Ley’s successful appeal is disappointing. As legal scholars, we believe the judgment sets back the cause of climate litigation in Australia by two decades, at a time when we urgently need climate action to accelerate.
So why was Ley successful? The federal court’s 282-page judgment offers myriad reasons for why no duty should be imposed on the minister. But what emerges most clearly is the court’s view that it’s not their place to set policies on climate change. Instead, they say, it’s the job of our elected representatives in the federal government.
What did the judges say?
In the original class action case filed in 2020, a single federal court judge decided Ley owed Australian children a common law duty of care when considering and approving the coal mine extension, under Australia’s Environment Protection and Biodiversity Conservation (EPBC) Act.

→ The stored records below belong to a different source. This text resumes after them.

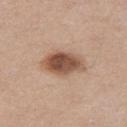Part of a total-body skin-imaging series; this lesion was reviewed on a skin check and was not flagged for biopsy.
Cropped from a total-body skin-imaging series; the visible field is about 15 mm.
Imaged with white-light lighting.
On the left thigh.
The patient is a female aged 38–42.
Longest diameter approximately 5.5 mm.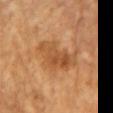| key | value |
|---|---|
| notes | imaged on a skin check; not biopsied |
| tile lighting | cross-polarized |
| anatomic site | the chest |
| acquisition | ~15 mm crop, total-body skin-cancer survey |
| subject | female, approximately 70 years of age |
| lesion size | ≈5.5 mm |
| image-analysis metrics | an outline eccentricity of about 0.75 (0 = round, 1 = elongated) and a shape-asymmetry score of about 0.35 (0 = symmetric); a lesion-detection confidence of about 100/100 |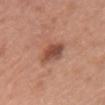notes: imaged on a skin check; not biopsied
image-analysis metrics: an outline eccentricity of about 0.75 (0 = round, 1 = elongated) and a shape-asymmetry score of about 0.2 (0 = symmetric); a lesion color around L≈49 a*≈25 b*≈29 in CIELAB and a normalized border contrast of about 8.5; border irregularity of about 2 on a 0–10 scale, a color-variation rating of about 4/10, and peripheral color asymmetry of about 1; an automated nevus-likeness rating near 90 out of 100 and a lesion-detection confidence of about 100/100
anatomic site: the chest
diameter: ~3.5 mm (longest diameter)
imaging modality: total-body-photography crop, ~15 mm field of view
patient: female, roughly 60 years of age
tile lighting: white-light illumination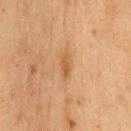A male subject in their mid- to late 70s.
From the front of the torso.
Automated tile analysis of the lesion measured an average lesion color of about L≈45 a*≈19 b*≈33 (CIELAB), a lesion–skin lightness drop of about 7, and a normalized border contrast of about 6. The software also gave a classifier nevus-likeness of about 40/100.
Cropped from a whole-body photographic skin survey; the tile spans about 15 mm.
Longest diameter approximately 3 mm.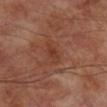| key | value |
|---|---|
| workup | catalogued during a skin exam; not biopsied |
| body site | the leg |
| subject | male, aged around 70 |
| imaging modality | ~15 mm crop, total-body skin-cancer survey |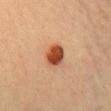Clinical summary:
Approximately 3 mm at its widest. A close-up tile cropped from a whole-body skin photograph, about 15 mm across. The lesion is located on the chest. The patient is a female aged approximately 45. Captured under cross-polarized illumination.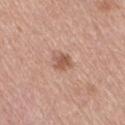<tbp_lesion>
<biopsy_status>not biopsied; imaged during a skin examination</biopsy_status>
<lighting>white-light</lighting>
<site>right thigh</site>
<lesion_size>
  <long_diameter_mm_approx>2.5</long_diameter_mm_approx>
</lesion_size>
<patient>
  <sex>female</sex>
  <age_approx>65</age_approx>
</patient>
<image>
  <source>total-body photography crop</source>
  <field_of_view_mm>15</field_of_view_mm>
</image>
<automated_metrics>
  <vs_skin_darker_L>11.0</vs_skin_darker_L>
  <vs_skin_contrast_norm>7.5</vs_skin_contrast_norm>
  <border_irregularity_0_10>2.5</border_irregularity_0_10>
  <color_variation_0_10>2.5</color_variation_0_10>
  <peripheral_color_asymmetry>0.5</peripheral_color_asymmetry>
</automated_metrics>
</tbp_lesion>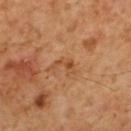Q: Was this lesion biopsied?
A: catalogued during a skin exam; not biopsied
Q: Patient demographics?
A: male, aged 58 to 62
Q: What is the anatomic site?
A: the mid back
Q: What kind of image is this?
A: 15 mm crop, total-body photography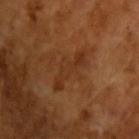| field | value |
|---|---|
| biopsy status | no biopsy performed (imaged during a skin exam) |
| illumination | cross-polarized illumination |
| acquisition | 15 mm crop, total-body photography |
| automated metrics | an area of roughly 8 mm², an outline eccentricity of about 0.95 (0 = round, 1 = elongated), and a symmetry-axis asymmetry near 0.45; a lesion color around L≈32 a*≈22 b*≈32 in CIELAB; a classifier nevus-likeness of about 0/100 |
| patient | male, in their mid- to late 60s |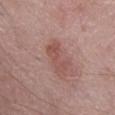Recorded during total-body skin imaging; not selected for excision or biopsy. A roughly 15 mm field-of-view crop from a total-body skin photograph. A male subject, aged around 70. From the abdomen. This is a white-light tile.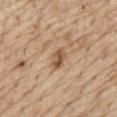This lesion was catalogued during total-body skin photography and was not selected for biopsy. From the abdomen. A 15 mm close-up extracted from a 3D total-body photography capture. Captured under white-light illumination. A male patient, about 70 years old. Measured at roughly 3 mm in maximum diameter. The lesion-visualizer software estimated a footprint of about 4.5 mm², an outline eccentricity of about 0.75 (0 = round, 1 = elongated), and a shape-asymmetry score of about 0.2 (0 = symmetric).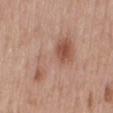Assessment:
Imaged during a routine full-body skin examination; the lesion was not biopsied and no histopathology is available.
Acquisition and patient details:
A 15 mm crop from a total-body photograph taken for skin-cancer surveillance. Approximately 9 mm at its widest. Captured under white-light illumination. A male subject about 70 years old. On the mid back.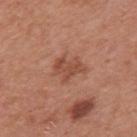Part of a total-body skin-imaging series; this lesion was reviewed on a skin check and was not flagged for biopsy. The lesion is on the back. Cropped from a whole-body photographic skin survey; the tile spans about 15 mm. A male subject, aged around 70.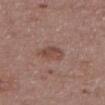Q: Was a biopsy performed?
A: catalogued during a skin exam; not biopsied
Q: Lesion size?
A: ≈3 mm
Q: What is the imaging modality?
A: ~15 mm crop, total-body skin-cancer survey
Q: Lesion location?
A: the upper back
Q: Patient demographics?
A: female, in their mid- to late 60s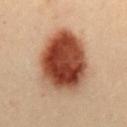The lesion was photographed on a routine skin check and not biopsied; there is no pathology result. An algorithmic analysis of the crop reported an area of roughly 37 mm² and a symmetry-axis asymmetry near 0.15. This is a cross-polarized tile. A 15 mm close-up extracted from a 3D total-body photography capture. A female patient approximately 30 years of age. The lesion is on the mid back.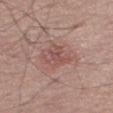Imaged during a routine full-body skin examination; the lesion was not biopsied and no histopathology is available. About 3.5 mm across. Cropped from a whole-body photographic skin survey; the tile spans about 15 mm. The tile uses white-light illumination. Automated image analysis of the tile measured a footprint of about 7.5 mm², an eccentricity of roughly 0.6, and two-axis asymmetry of about 0.45. And it measured a border-irregularity index near 6.5/10, a color-variation rating of about 3/10, and a peripheral color-asymmetry measure near 1. The software also gave lesion-presence confidence of about 100/100. The subject is a male aged around 70. From the right thigh.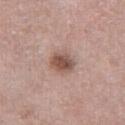Assessment:
Recorded during total-body skin imaging; not selected for excision or biopsy.
Acquisition and patient details:
The recorded lesion diameter is about 3 mm. The tile uses white-light illumination. A close-up tile cropped from a whole-body skin photograph, about 15 mm across. The subject is a female approximately 60 years of age. The lesion is located on the right thigh.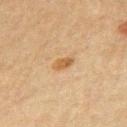A close-up tile cropped from a whole-body skin photograph, about 15 mm across. Measured at roughly 2.5 mm in maximum diameter. On the chest. A male subject in their 50s. The total-body-photography lesion software estimated a mean CIELAB color near L≈47 a*≈16 b*≈34, a lesion–skin lightness drop of about 8, and a normalized lesion–skin contrast near 7.5. It also reported a color-variation rating of about 2/10 and a peripheral color-asymmetry measure near 0.5. The software also gave a classifier nevus-likeness of about 65/100 and a lesion-detection confidence of about 100/100.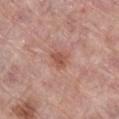Assessment: Recorded during total-body skin imaging; not selected for excision or biopsy. Context: Measured at roughly 2.5 mm in maximum diameter. The lesion-visualizer software estimated a classifier nevus-likeness of about 50/100 and a detector confidence of about 100 out of 100 that the crop contains a lesion. The tile uses white-light illumination. The lesion is located on the leg. A female patient, about 60 years old. A lesion tile, about 15 mm wide, cut from a 3D total-body photograph.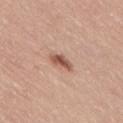follow-up: imaged on a skin check; not biopsied | tile lighting: white-light illumination | lesion size: ~3 mm (longest diameter) | subject: male, aged around 60 | acquisition: ~15 mm tile from a whole-body skin photo | location: the lower back.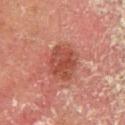No biopsy was performed on this lesion — it was imaged during a full skin examination and was not determined to be concerning.
About 4 mm across.
A 15 mm close-up extracted from a 3D total-body photography capture.
A male subject, in their 80s.
Imaged with cross-polarized lighting.
Automated image analysis of the tile measured an area of roughly 11 mm², a shape eccentricity near 0.55, and two-axis asymmetry of about 0.2. The analysis additionally found a mean CIELAB color near L≈36 a*≈24 b*≈25, a lesion–skin lightness drop of about 8, and a normalized lesion–skin contrast near 7.5. The software also gave border irregularity of about 2 on a 0–10 scale, internal color variation of about 3 on a 0–10 scale, and radial color variation of about 1. It also reported a nevus-likeness score of about 10/100 and a lesion-detection confidence of about 100/100.
The lesion is on the leg.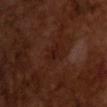follow-up: no biopsy performed (imaged during a skin exam)
lesion size: ≈3 mm
automated lesion analysis: a footprint of about 3 mm² and a shape-asymmetry score of about 0.25 (0 = symmetric); a lesion color around L≈18 a*≈21 b*≈22 in CIELAB, roughly 4 lightness units darker than nearby skin, and a lesion-to-skin contrast of about 6 (normalized; higher = more distinct); a nevus-likeness score of about 0/100 and lesion-presence confidence of about 100/100
image: 15 mm crop, total-body photography
patient: male, approximately 65 years of age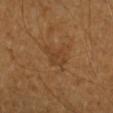Case summary:
– TBP lesion metrics · a footprint of about 5 mm² and an outline eccentricity of about 0.75 (0 = round, 1 = elongated); border irregularity of about 5 on a 0–10 scale, a within-lesion color-variation index near 1.5/10, and peripheral color asymmetry of about 0.5
– image · ~15 mm tile from a whole-body skin photo
– size · about 3.5 mm
– illumination · cross-polarized illumination
– body site · the right forearm
– patient · male, aged around 55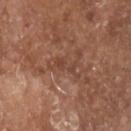Clinical impression: This lesion was catalogued during total-body skin photography and was not selected for biopsy. Background: A region of skin cropped from a whole-body photographic capture, roughly 15 mm wide. Approximately 3 mm at its widest. The lesion is on the head or neck. Captured under white-light illumination. The subject is a male aged 78–82.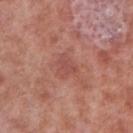notes — catalogued during a skin exam; not biopsied
automated metrics — an average lesion color of about L≈50 a*≈26 b*≈27 (CIELAB), a lesion–skin lightness drop of about 6, and a lesion-to-skin contrast of about 4.5 (normalized; higher = more distinct)
imaging modality — ~15 mm crop, total-body skin-cancer survey
body site — the right lower leg
subject — male, aged 53–57
lesion diameter — ~2.5 mm (longest diameter)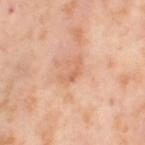{
  "automated_metrics": {
    "cielab_L": 65,
    "cielab_a": 24,
    "cielab_b": 34,
    "vs_skin_darker_L": 8.0,
    "vs_skin_contrast_norm": 5.0,
    "border_irregularity_0_10": 7.0,
    "peripheral_color_asymmetry": 0.0,
    "nevus_likeness_0_100": 0,
    "lesion_detection_confidence_0_100": 100
  },
  "lesion_size": {
    "long_diameter_mm_approx": 3.0
  },
  "site": "left thigh",
  "patient": {
    "sex": "female",
    "age_approx": 55
  },
  "image": {
    "source": "total-body photography crop",
    "field_of_view_mm": 15
  }
}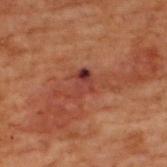Captured during whole-body skin photography for melanoma surveillance; the lesion was not biopsied. Automated image analysis of the tile measured a border-irregularity index near 4/10, a color-variation rating of about 6/10, and peripheral color asymmetry of about 2. The analysis additionally found an automated nevus-likeness rating near 0 out of 100 and a lesion-detection confidence of about 100/100. Located on the upper back. A male patient in their 70s. Measured at roughly 3 mm in maximum diameter. A lesion tile, about 15 mm wide, cut from a 3D total-body photograph. The tile uses cross-polarized illumination.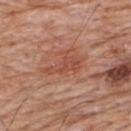<case>
  <patient>
    <sex>male</sex>
    <age_approx>80</age_approx>
  </patient>
  <image>
    <source>total-body photography crop</source>
    <field_of_view_mm>15</field_of_view_mm>
  </image>
  <site>upper back</site>
</case>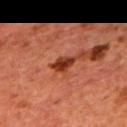Case summary:
- biopsy status: no biopsy performed (imaged during a skin exam)
- lesion diameter: ~3 mm (longest diameter)
- anatomic site: the back
- acquisition: 15 mm crop, total-body photography
- automated metrics: a lesion area of about 4 mm², an eccentricity of roughly 0.85, and a shape-asymmetry score of about 0.2 (0 = symmetric); a mean CIELAB color near L≈33 a*≈30 b*≈32 and a normalized lesion–skin contrast near 11.5; peripheral color asymmetry of about 1
- patient: male, aged 63 to 67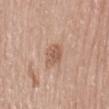Q: Is there a histopathology result?
A: no biopsy performed (imaged during a skin exam)
Q: Where on the body is the lesion?
A: the mid back
Q: What did automated image analysis measure?
A: a lesion color around L≈57 a*≈20 b*≈29 in CIELAB, about 9 CIELAB-L* units darker than the surrounding skin, and a normalized border contrast of about 6.5; a detector confidence of about 100 out of 100 that the crop contains a lesion
Q: What is the imaging modality?
A: total-body-photography crop, ~15 mm field of view
Q: Lesion size?
A: ~3 mm (longest diameter)
Q: Patient demographics?
A: female, aged approximately 70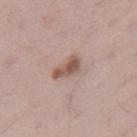Cropped from a whole-body photographic skin survey; the tile spans about 15 mm. From the right thigh. The subject is a male about 40 years old. Longest diameter approximately 3.5 mm. Imaged with white-light lighting.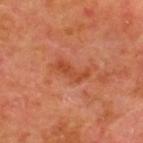{"biopsy_status": "not biopsied; imaged during a skin examination", "image": {"source": "total-body photography crop", "field_of_view_mm": 15}, "site": "chest", "patient": {"sex": "male", "age_approx": 45}}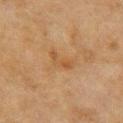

This required the minister to take reasonable care when exercising her powers to avoid causing Australian children under 18 personal injury or death from carbon dioxide emissions.
Ley appealed this decision in July last year. She also approved the coal mine extension, arguing her decision wouldn’t contribute to global warming because even if the mine was refused, other sources would step in to meet the coal demand.
And today, in a live-streamed proceeding, the full bench of the federal court ruled in her favour: the stated duty should not be imposed on the minister. While the outcome was unanimous, the three judges had separate reasoning.
One judge saw climate change as a matter for government, not the courts, to address, saying the duty would be an issue “involving questions of policy (scientific, economic, social, industrial and political) […] unsuitable for the Judicial branch to resolve”.
Another said there was insufficient “closeness” and “directness” between the minister’s power to approve the coal mine and the effect this would have on the children. But he left open the possibility of a future claim if any of the children in the class action suffered damage.
The third judge had three main reasons. First, the EPBC Act doesn’t create a duty-of-care relationship between the minister and children. Second, establishing a standard of care isn’t feasible as it would result in “incoherence” between the duty and the minister’s functions. Third, it’s not currently foreseeable that approving the coal mine extension would cause the children personal injury, as the law is understood.
The good news: climate science remains undisputed
In the original case, the judge made landmark rulings about the dangers of climate change, marking a significant moment in Australian climate litigation.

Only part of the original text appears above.